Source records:
□ □ □ □ □ □ □

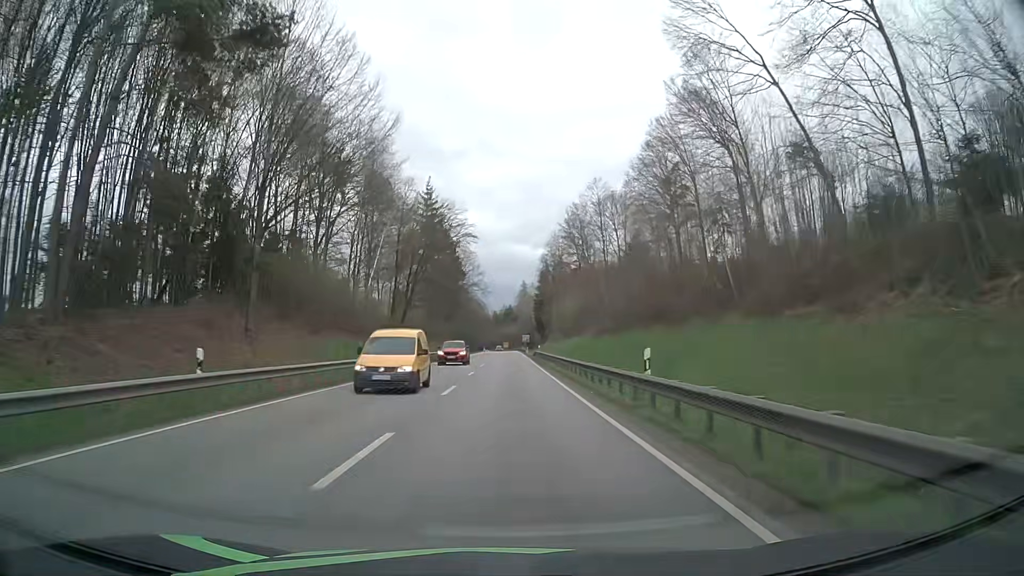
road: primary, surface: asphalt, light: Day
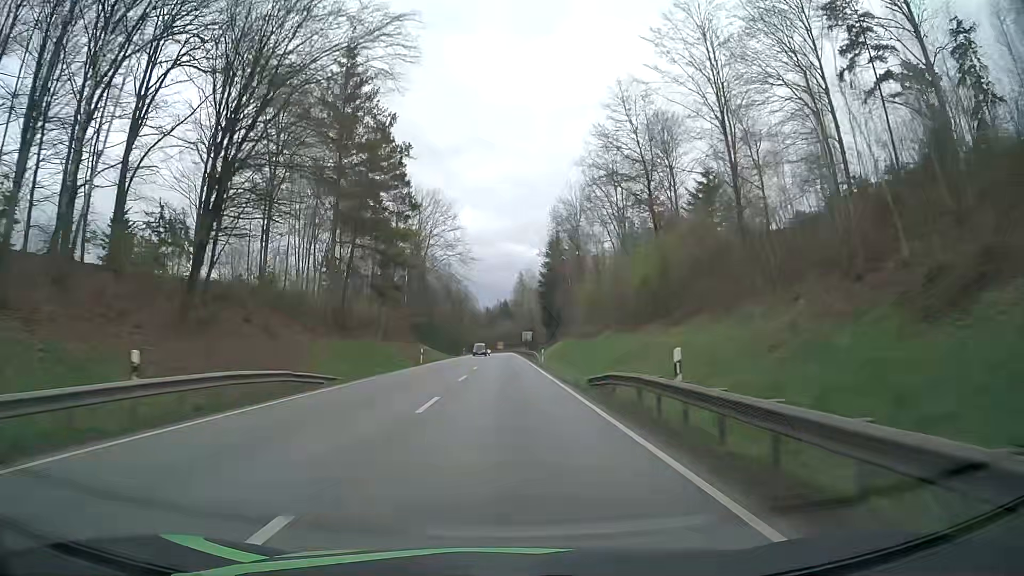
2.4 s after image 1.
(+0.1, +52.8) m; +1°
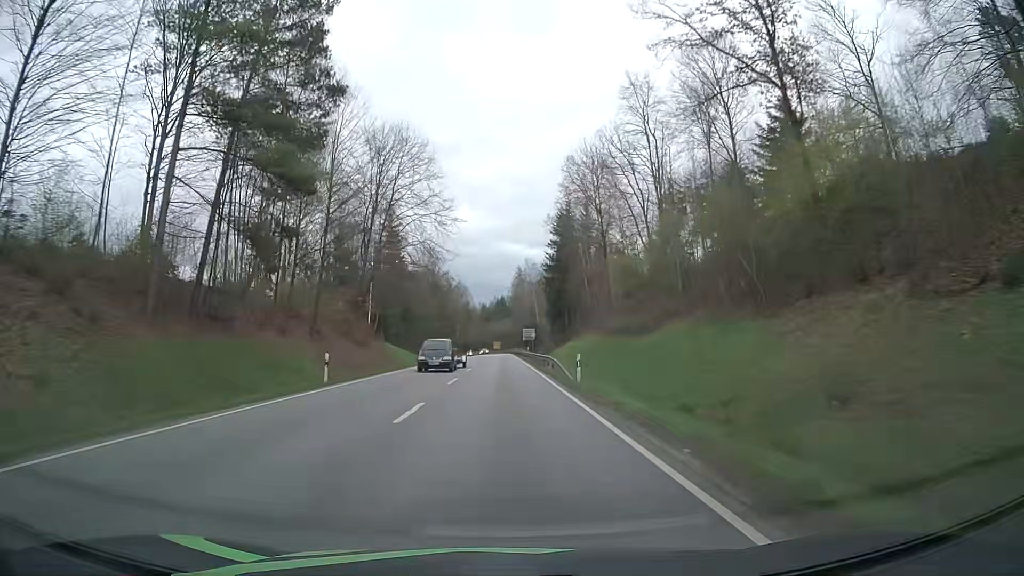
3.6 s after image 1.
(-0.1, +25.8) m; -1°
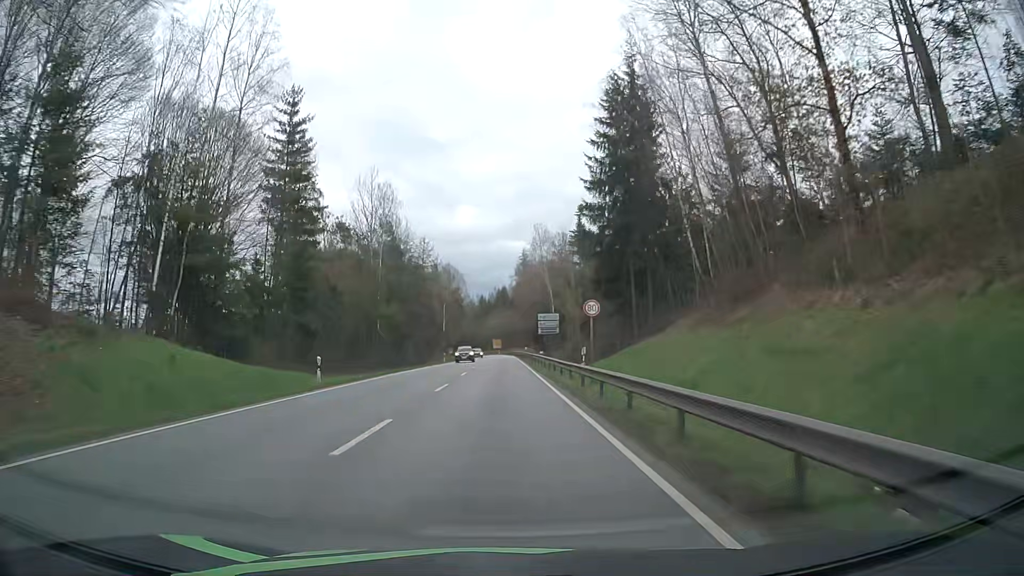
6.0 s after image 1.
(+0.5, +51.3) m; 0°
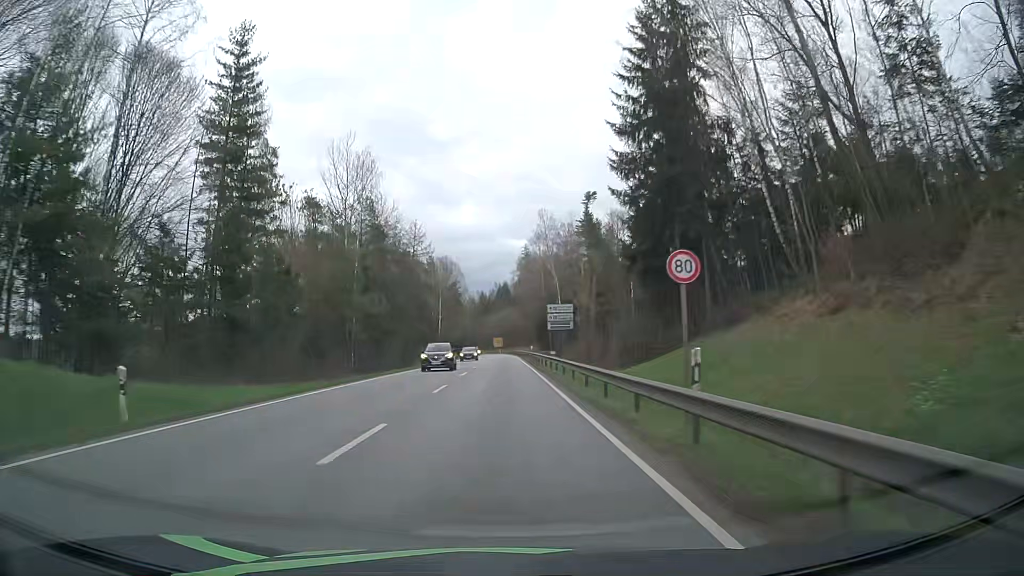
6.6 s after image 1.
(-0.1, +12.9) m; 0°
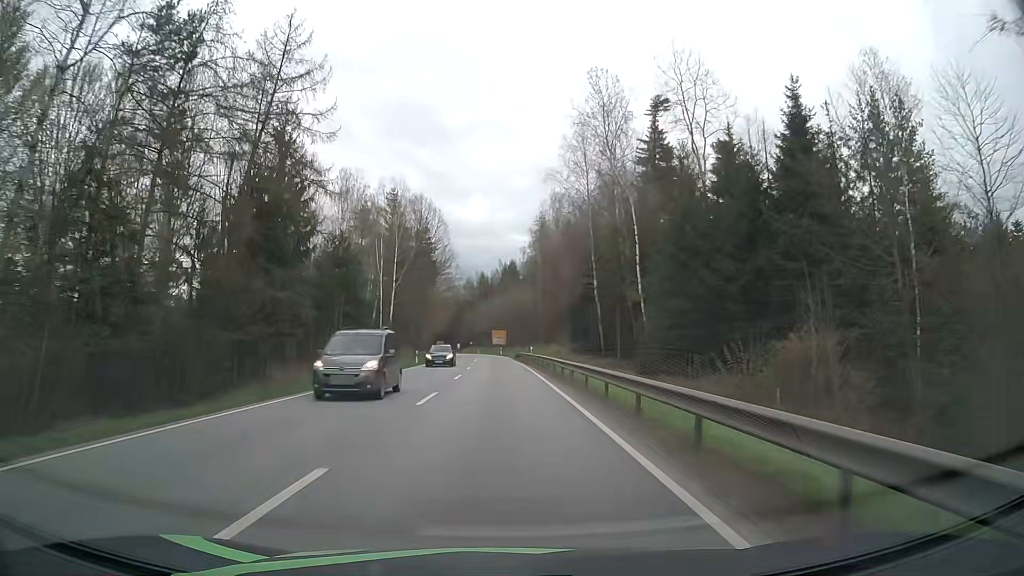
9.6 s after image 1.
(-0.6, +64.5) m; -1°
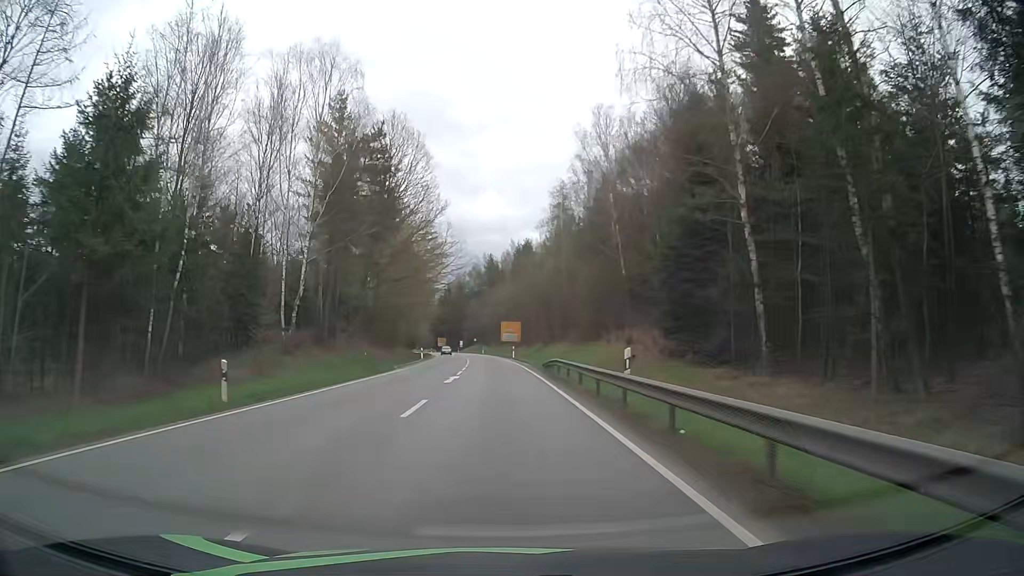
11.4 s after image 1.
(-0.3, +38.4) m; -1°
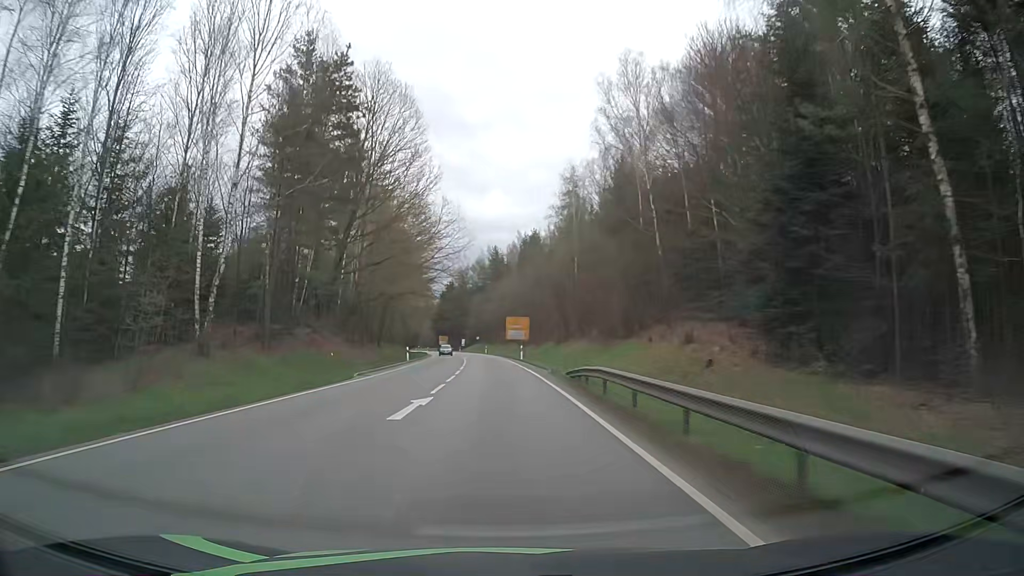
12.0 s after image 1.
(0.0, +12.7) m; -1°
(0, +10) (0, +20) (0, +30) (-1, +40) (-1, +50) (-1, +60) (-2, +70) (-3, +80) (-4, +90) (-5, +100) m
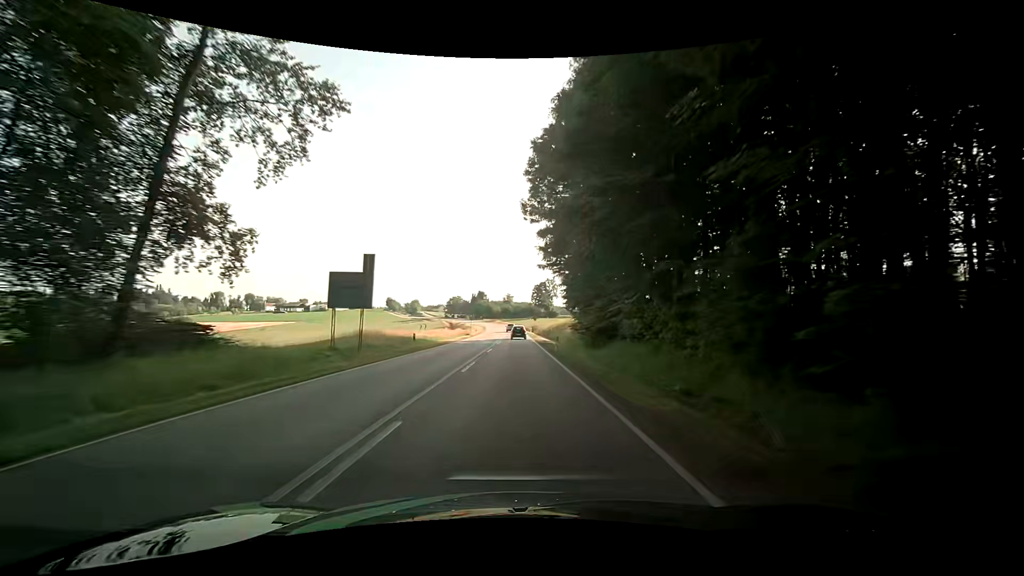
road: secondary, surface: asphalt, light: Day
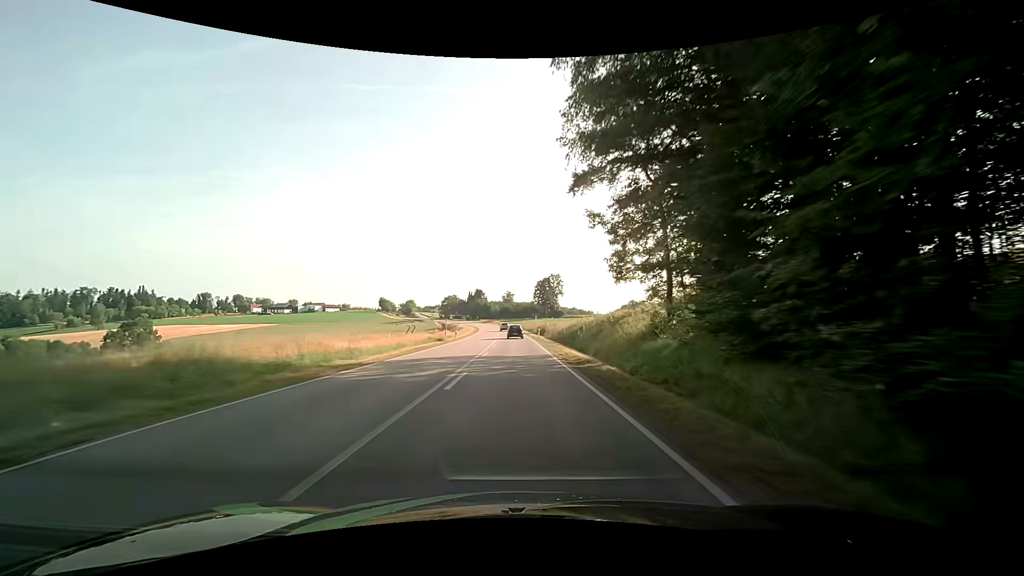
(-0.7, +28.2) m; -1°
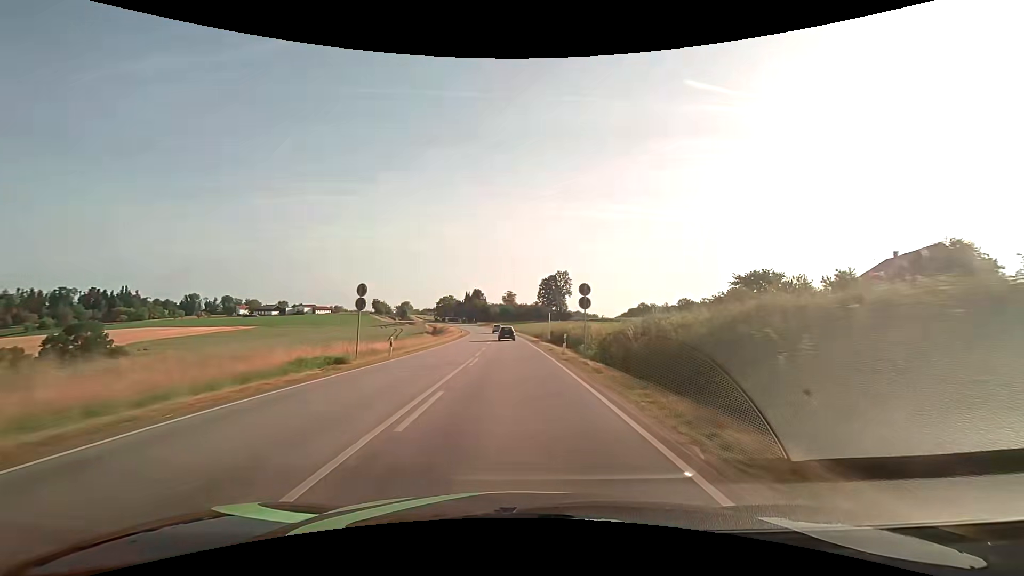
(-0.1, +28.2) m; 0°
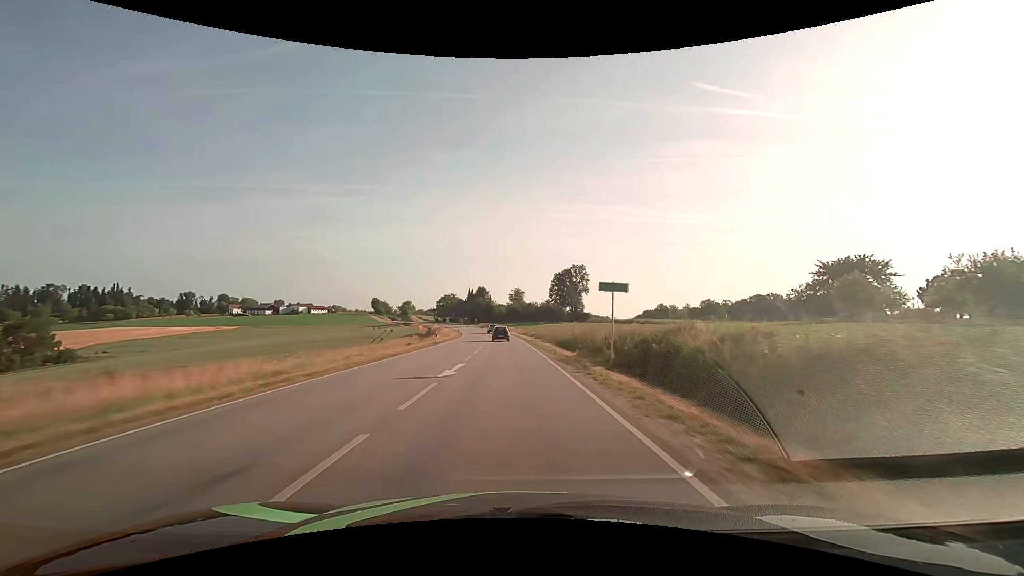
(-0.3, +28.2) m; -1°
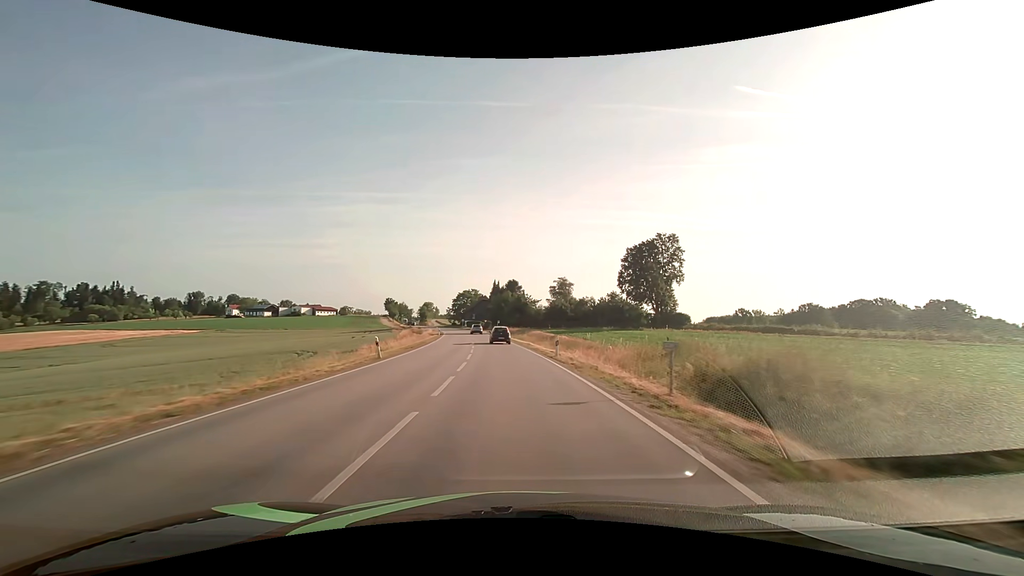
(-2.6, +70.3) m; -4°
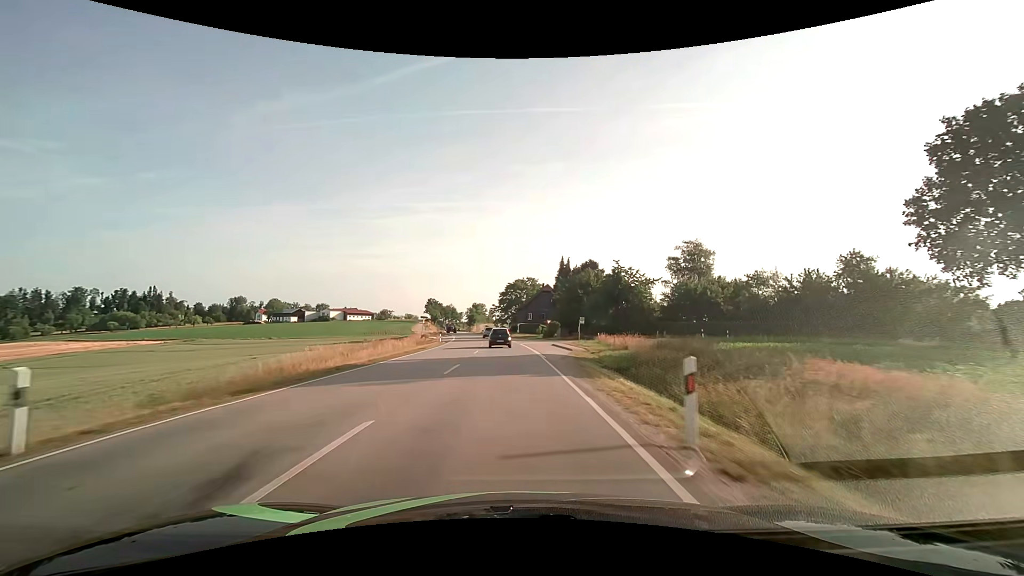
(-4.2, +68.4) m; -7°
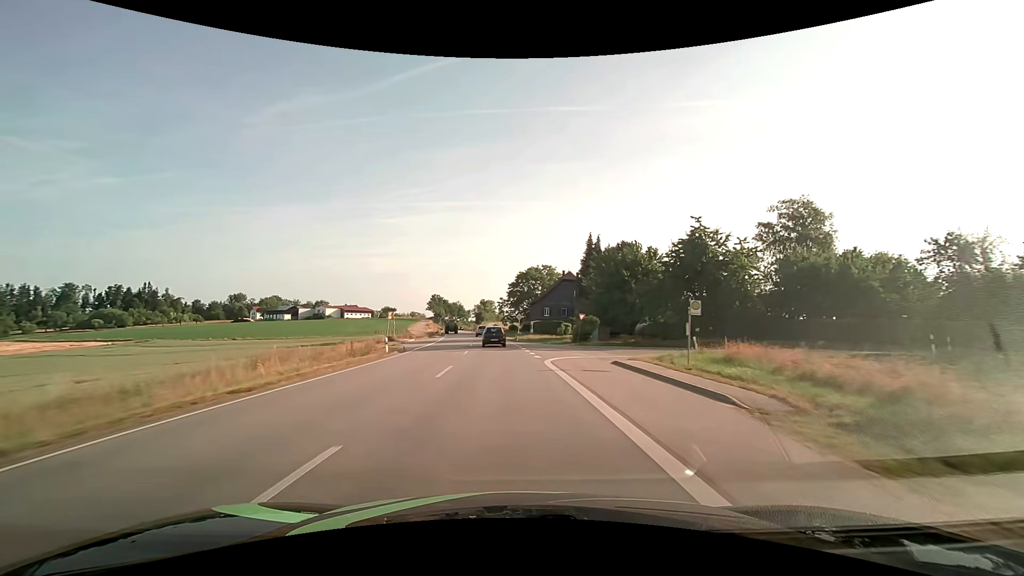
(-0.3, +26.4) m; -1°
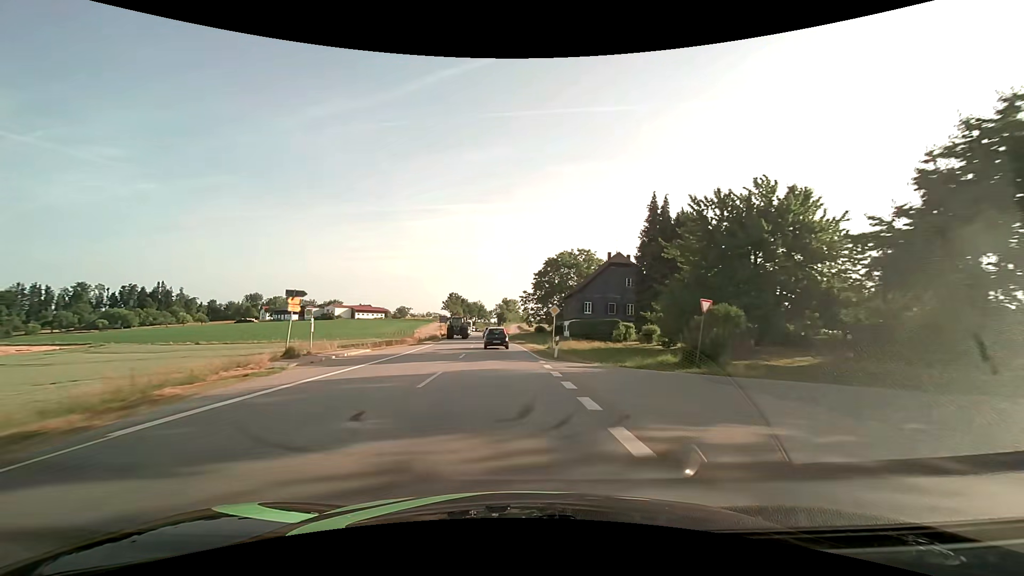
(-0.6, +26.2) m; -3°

□ □ □ □ □ □ □

• **Problem to work on**: Output all the records above again exactly, with the pictures dropped.

• **Your solution**:
road: primary, surface: asphalt, light: Day
2.4 s after image 1.
(+0.1, +52.8) m; +1°
3.6 s after image 1.
(-0.1, +25.8) m; -1°
6.0 s after image 1.
(+0.5, +51.3) m; 0°
6.6 s after image 1.
(-0.1, +12.9) m; 0°
9.6 s after image 1.
(-0.6, +64.5) m; -1°
11.4 s after image 1.
(-0.3, +38.4) m; -1°
12.0 s after image 1.
(0.0, +12.7) m; -1°
(0, +10) (0, +20) (0, +30) (-1, +40) (-1, +50) (-1, +60) (-2, +70) (-3, +80) (-4, +90) (-5, +100) m
road: secondary, surface: asphalt, light: Day
(-0.7, +28.2) m; -1°
(-0.1, +28.2) m; 0°
(-0.3, +28.2) m; -1°
(-2.6, +70.3) m; -4°
(-4.2, +68.4) m; -7°
(-0.3, +26.4) m; -1°
(-0.6, +26.2) m; -3°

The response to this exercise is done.